La Cour suprême de l'État de New York a pris la décision de saisir trois œuvres de l'artiste autrichien Egon Schiele, réclamées par les héritiers de leur précédent propriétaire, un collectionneur et artiste juif victime des nazis. Cette mesure a été confirmée par une source judiciaire et fait suite à une information du New York Times.
Dans des ordonnances de saisie datées de mardi, la Cour suprême de l'État de New York a jugé qu'il existait des raisons valables de croire que ces dessins de l'artiste expressionniste autrichien étaient volés et détenus illégalement.
L'œuvre intitulée "Prisonnier de guerre russe" (1916), une aquarelle et crayon sur papier évaluée à 1,25 million de dollars, a été saisie à l'Art Institute de Chicago. "Portrait d'un homme" (1917), un dessin au crayon sur papier d'une valeur d'un million de dollars, a été saisi au Carnegie Museum of Art de Pittsburgh (Pennsylvanie, nord-est), tandis que "Fille aux cheveux noirs" (1911), une aquarelle et crayon sur papier d'une valeur de 1,5 million de dollars, a été saisie à l'Allen Memorial Art Museum de l'université Oberlin (nord-est, Ohio). Les ordonnances précisent que les œuvres peuvent demeurer "sur place" pendant une période de 60 jours.
Les musées impliqués ont réagi en affirmant qu'ils croyaient avoir acquis légalement ces œuvres et qu'ils les possédaient légalement. Ils prévoient de se défendre dans le cadre d'un litige civil devant un tribunal fédéral.
Ces œuvres font l'objet d'une réclamation de la part des héritiers de Fritz Grünbaum, un artiste de cabaret juif autrichien, collectionneur d'art et critique du régime nazi, qui a été tué au camp de concentration de Dachau en 1941. L'enquête en cours porte sur une douzaine d'œuvres d'Egon Schiele pillées par les nazis.
Les héritiers de Fritz Grünbaum ont engagé des poursuites depuis des années pour récupérer des œuvres d'art ayant appartenu à leur parent.
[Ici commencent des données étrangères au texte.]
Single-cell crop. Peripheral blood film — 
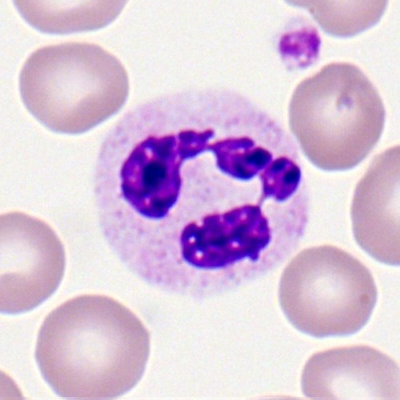

Morphology — polymorphonuclear neutrophil.

Ils fondent leur réclamation sur un document officiel signé par Grünbaum en faveur du régime nazi en 1938, alors qu'il était détenu à Dachau.
La justice américaine avait initialement rejeté leur demande en 2005, estimant qu'elle était déposée trop tard, mais les héritiers ont obtenu gain de cause pour deux œuvres en 2018. Entre-temps, le Congrès américain avait adopté la loi "Hear" en 2016, prolongeant le délai pour réclamer la restitution d'une œuvre.
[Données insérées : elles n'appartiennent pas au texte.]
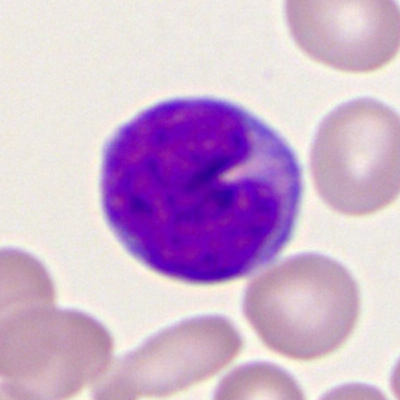 Peripheral blood film, single cell — myeloblast.

Cette question demeure d'actualité dans d'autres pays, notamment en France, où le Parlement a adopté une loi en juillet pour faciliter la restitution des biens culturels spoliés aux Juifs sous le régime nazi. Selon des chiffres publiés lors d'une conférence internationale en République tchèque en 2009, environ 100 000 des 650 000 œuvres volées n'avaient pas encore été restituées à l'époque.